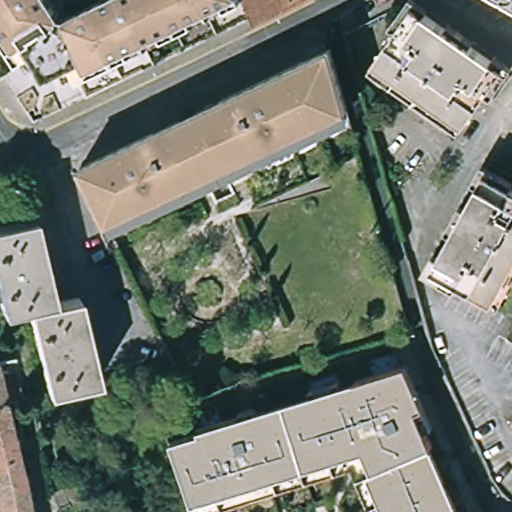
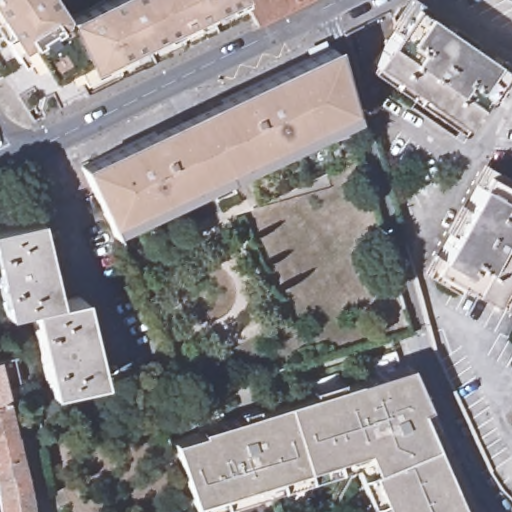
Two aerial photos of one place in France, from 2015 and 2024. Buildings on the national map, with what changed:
unchanged [(38,121),(0,63),(0,0),(54,0),(63,14),(92,0),(249,0),(257,16),(38,121)]
unchanged [(296,7),(276,17),(268,21),(261,25),(257,16),(249,0),(312,0),(311,0),(296,7)]
unchanged [(508,0),(512,0),(512,2),(508,0)]
unchanged [(371,65),(412,6),(501,67),(461,127),(371,65)]
unchanged [(81,168),(330,47),(346,109),(349,118),(313,135),(300,141),(285,149),(251,165),(185,197),(147,215),(111,232),(108,225),(81,168)]
unchanged [(491,301),(430,265),(485,170),(512,185),(512,265),(491,301)]
unchanged [(6,315),(0,290),(0,227),(35,219),(55,303),(28,310),(6,315)]
unchanged [(78,298),(98,381),(88,384),(49,393),(48,393),(28,310),(55,303),(78,298)]
unchanged [(186,485),(178,460),(171,441),(200,432),(199,429),(256,412),(258,415),(358,385),(357,382),(400,369),(436,446),(433,448),(462,512),(375,512),(355,468),(209,512),(195,512),(186,485)]
unchanged [(0,405),(0,373),(10,402),(0,405)]
unchanged [(11,413),(13,425),(16,435),(19,447),(22,458),(27,478),(30,495),(32,512),(3,512),(0,489),(0,405),(10,402),(11,413)]
unchanged [(510,426),(512,422),(512,428),(510,426)]
unchanged [(475,511),(475,512),(472,512),(475,511)]

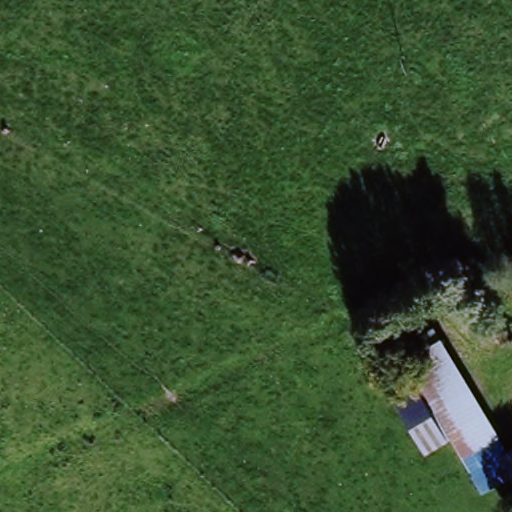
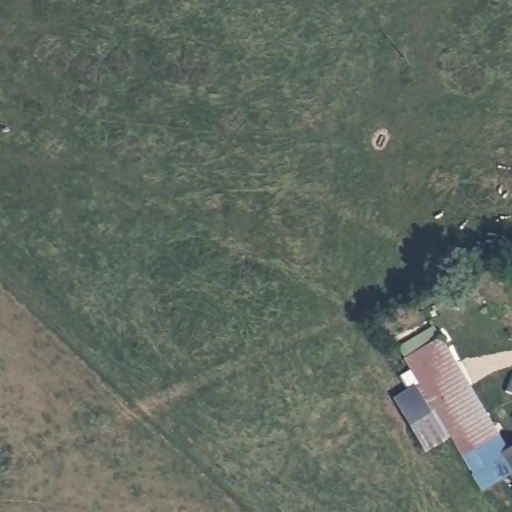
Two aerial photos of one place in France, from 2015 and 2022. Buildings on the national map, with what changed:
unchanged [(512,450),(512,479),(511,477),(482,495),(448,442),(422,458),(383,391),(407,376),(399,361),(440,342),(506,453),(512,450)]

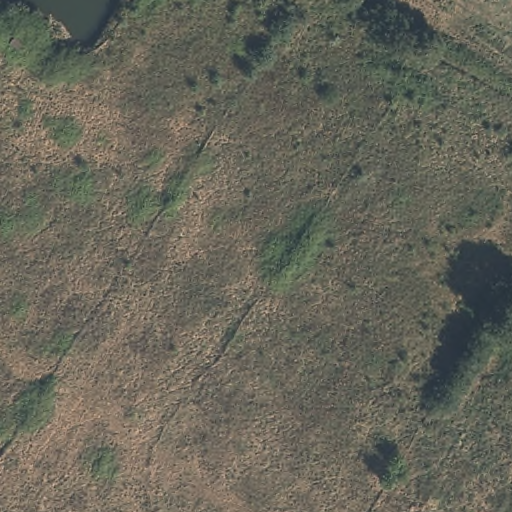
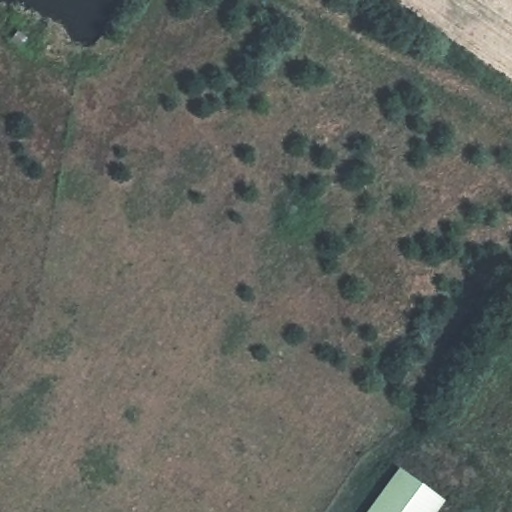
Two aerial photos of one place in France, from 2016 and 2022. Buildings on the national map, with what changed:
new [(443,497),(432,512),(364,512),(398,465),(443,497)]

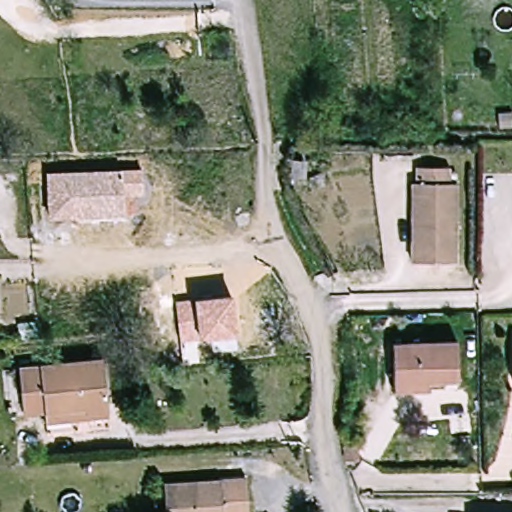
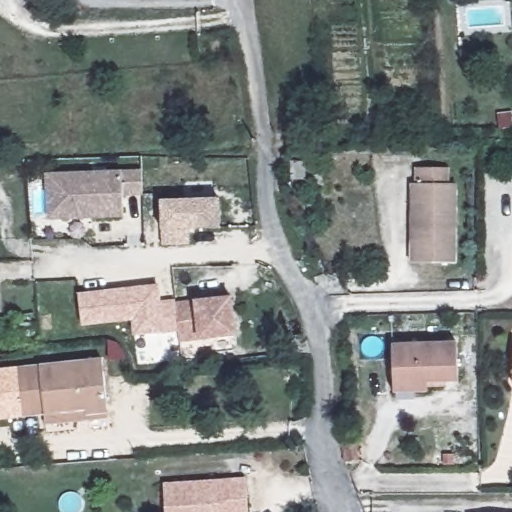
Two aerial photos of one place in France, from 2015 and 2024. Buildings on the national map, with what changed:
unchanged [(143,197),(123,198),(124,219),(49,220),(47,174),(143,170),(143,197)]
unchanged [(449,170),(450,185),(457,185),(455,263),(411,262),(412,216),(412,185),(417,185),(417,170),(449,170)]
new [(162,230),(161,199),(220,199),(222,229),(191,229),(191,245),(163,246),(162,230)]
new [(161,302),(176,300),(176,302),(179,331),(164,333),(133,335),(131,320),(82,327),(78,293),(159,284),(161,302)]
unchanged [(235,294),(238,337),(180,343),(176,302),(235,294)]
new [(304,334),(311,356),(295,357),(293,335),(304,334)]
unchanged [(395,392),(395,382),(395,344),(455,343),(455,382),(424,382),(424,393),(395,392)]
unchanged [(45,427),(44,414),(24,415),(19,368),(101,361),(107,414),(107,421),(45,427)]
new [(25,417),(0,420),(0,370),(19,368),(24,415),(25,417)]
unchanged [(357,446),(359,461),(347,463),(344,448),(357,446)]
unchanged [(170,481),(250,475),(252,512),(172,512),(170,481)]

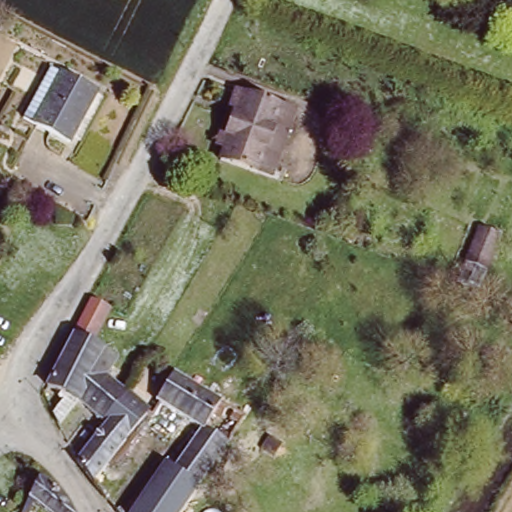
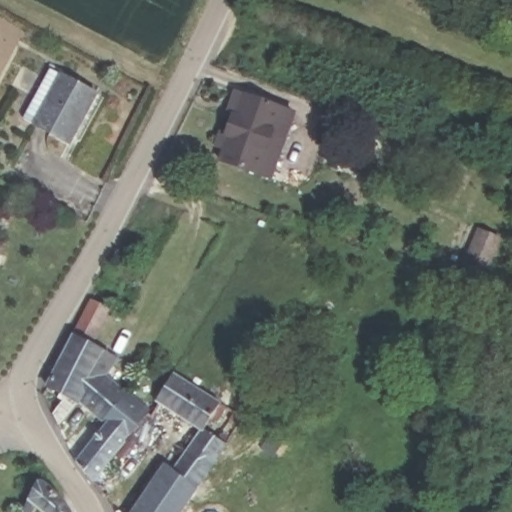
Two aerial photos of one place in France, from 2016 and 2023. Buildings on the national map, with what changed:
unchanged [(28,116),(53,67),(100,92),(83,124),(74,140),(68,137),(28,116)]
unchanged [(296,111),(269,181),(208,156),(231,90),(296,111)]
unchanged [(459,282),(482,227),(502,237),(482,290),(459,282)]
unchanged [(47,380),(74,326),(91,294),(112,310),(95,338),(103,342),(123,352),(108,377),(129,389),(110,417),(75,397),(47,380)]
unchanged [(208,435),(203,432),(158,406),(177,381),(225,410),(208,435)]
unchanged [(115,500),(101,480),(85,455),(110,417),(129,389),(158,406),(119,456),(137,469),(115,500)]
unchanged [(133,512),(168,458),(181,466),(203,432),(208,435),(228,446),(181,512),(133,512)]
unchanged [(42,482),(78,512),(41,512),(27,500),(42,482)]

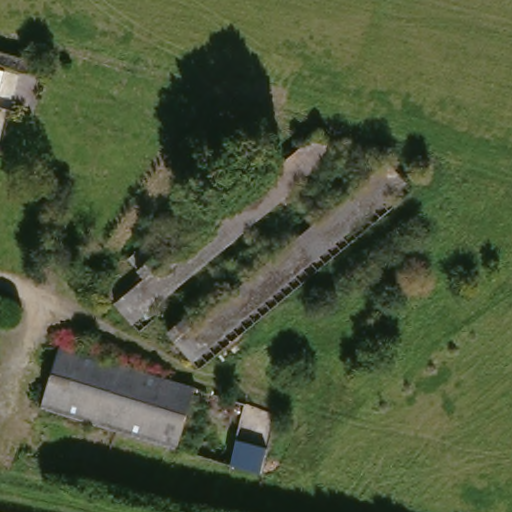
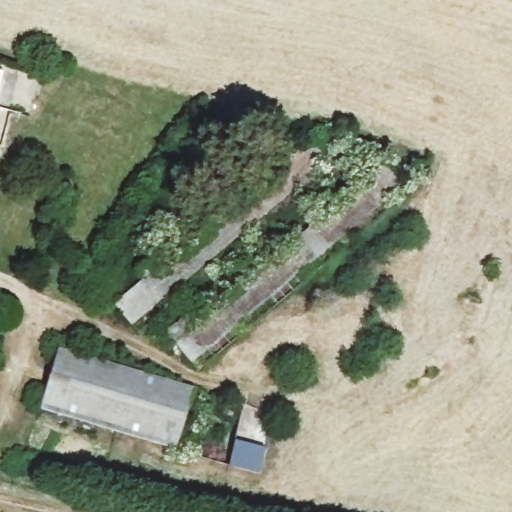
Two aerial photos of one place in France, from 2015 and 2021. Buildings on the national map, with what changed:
unchanged [(315,132),(340,161),(130,337),(121,323),(152,297),(140,280),(315,132)]
unchanged [(385,172),(402,193),(185,370),(169,347),(385,172)]
unchanged [(40,408),(55,348),(193,386),(178,446),(40,408)]
unchanged [(235,439),(267,447),(261,472),(230,465),(235,439)]

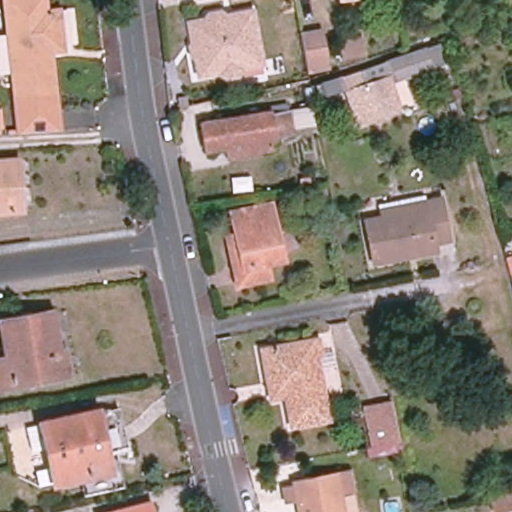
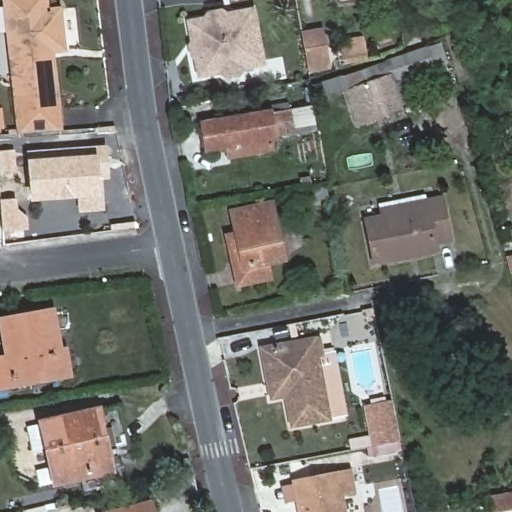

----------

* Work order *
Would you mind transcribing the material exactly, without the pictures?

* Reply *
Two aerial photos of one place in France, from 2015 and 2024. Buildings on the national map, with what changed:
unchanged [(38,121),(0,63),(0,0),(54,0),(63,14),(92,0),(249,0),(257,16),(38,121)]
unchanged [(296,7),(276,17),(268,21),(261,25),(257,16),(249,0),(312,0),(311,0),(296,7)]
unchanged [(508,0),(512,0),(512,2),(508,0)]
unchanged [(371,65),(412,6),(501,67),(461,127),(371,65)]
unchanged [(81,168),(330,47),(346,109),(349,118),(313,135),(300,141),(285,149),(251,165),(185,197),(147,215),(111,232),(108,225),(81,168)]
unchanged [(491,301),(430,265),(485,170),(512,185),(512,265),(491,301)]
unchanged [(6,315),(0,290),(0,227),(35,219),(55,303),(28,310),(6,315)]
unchanged [(78,298),(98,381),(88,384),(49,393),(48,393),(28,310),(55,303),(78,298)]
unchanged [(186,485),(178,460),(171,441),(200,432),(199,429),(256,412),(258,415),(358,385),(357,382),(400,369),(436,446),(433,448),(462,512),(375,512),(355,468),(209,512),(195,512),(186,485)]
unchanged [(0,405),(0,373),(10,402),(0,405)]
unchanged [(11,413),(13,425),(16,435),(19,447),(22,458),(27,478),(30,495),(32,512),(3,512),(0,489),(0,405),(10,402),(11,413)]
unchanged [(510,426),(512,422),(512,428),(510,426)]
unchanged [(475,511),(475,512),(472,512),(475,511)]

Two aerial photos of one place in France, from 2015 and 2022. Buildings on the national map, with what changed:
unchanged [(512,450),(512,479),(511,477),(482,495),(448,442),(422,458),(383,391),(407,376),(399,361),(440,342),(506,453),(512,450)]

Two aerial photos of one place in France, from 2016 and 2022. Buildings on the national map, with what changed:
new [(443,497),(432,512),(364,512),(398,465),(443,497)]

Two aerial photos of one place in France, from 2015 and 2024. Buildings on the national map, with what changed:
unchanged [(143,197),(123,198),(124,219),(49,220),(47,174),(143,170),(143,197)]
unchanged [(449,170),(450,185),(457,185),(455,263),(411,262),(412,216),(412,185),(417,185),(417,170),(449,170)]
new [(162,230),(161,199),(220,199),(222,229),(191,229),(191,245),(163,246),(162,230)]
new [(161,302),(176,300),(176,302),(179,331),(164,333),(133,335),(131,320),(82,327),(78,293),(159,284),(161,302)]
unchanged [(235,294),(238,337),(180,343),(176,302),(235,294)]
new [(304,334),(311,356),(295,357),(293,335),(304,334)]
unchanged [(395,392),(395,382),(395,344),(455,343),(455,382),(424,382),(424,393),(395,392)]
unchanged [(45,427),(44,414),(24,415),(19,368),(101,361),(107,414),(107,421),(45,427)]
new [(25,417),(0,420),(0,370),(19,368),(24,415),(25,417)]
unchanged [(357,446),(359,461),(347,463),(344,448),(357,446)]
unchanged [(170,481),(250,475),(252,512),(172,512),(170,481)]

Two aerial photos of one place in France, from 2016 and 2023. Buildings on the national map, with what changed:
unchanged [(28,116),(53,67),(100,92),(83,124),(74,140),(68,137),(28,116)]
unchanged [(296,111),(269,181),(208,156),(231,90),(296,111)]
unchanged [(459,282),(482,227),(502,237),(482,290),(459,282)]
unchanged [(47,380),(74,326),(91,294),(112,310),(95,338),(103,342),(123,352),(108,377),(129,389),(110,417),(75,397),(47,380)]
unchanged [(208,435),(203,432),(158,406),(177,381),(225,410),(208,435)]
unchanged [(115,500),(101,480),(85,455),(110,417),(129,389),(158,406),(119,456),(137,469),(115,500)]
unchanged [(133,512),(168,458),(181,466),(203,432),(208,435),(228,446),(181,512),(133,512)]
unchanged [(42,482),(78,512),(41,512),(27,500),(42,482)]

Two aerial photos of one place in France, from 2015 and 2021. Buildings on the national map, with what changed:
unchanged [(315,132),(340,161),(130,337),(121,323),(152,297),(140,280),(315,132)]
unchanged [(385,172),(402,193),(185,370),(169,347),(385,172)]
unchanged [(40,408),(55,348),(193,386),(178,446),(40,408)]
unchanged [(235,439),(267,447),(261,472),(230,465),(235,439)]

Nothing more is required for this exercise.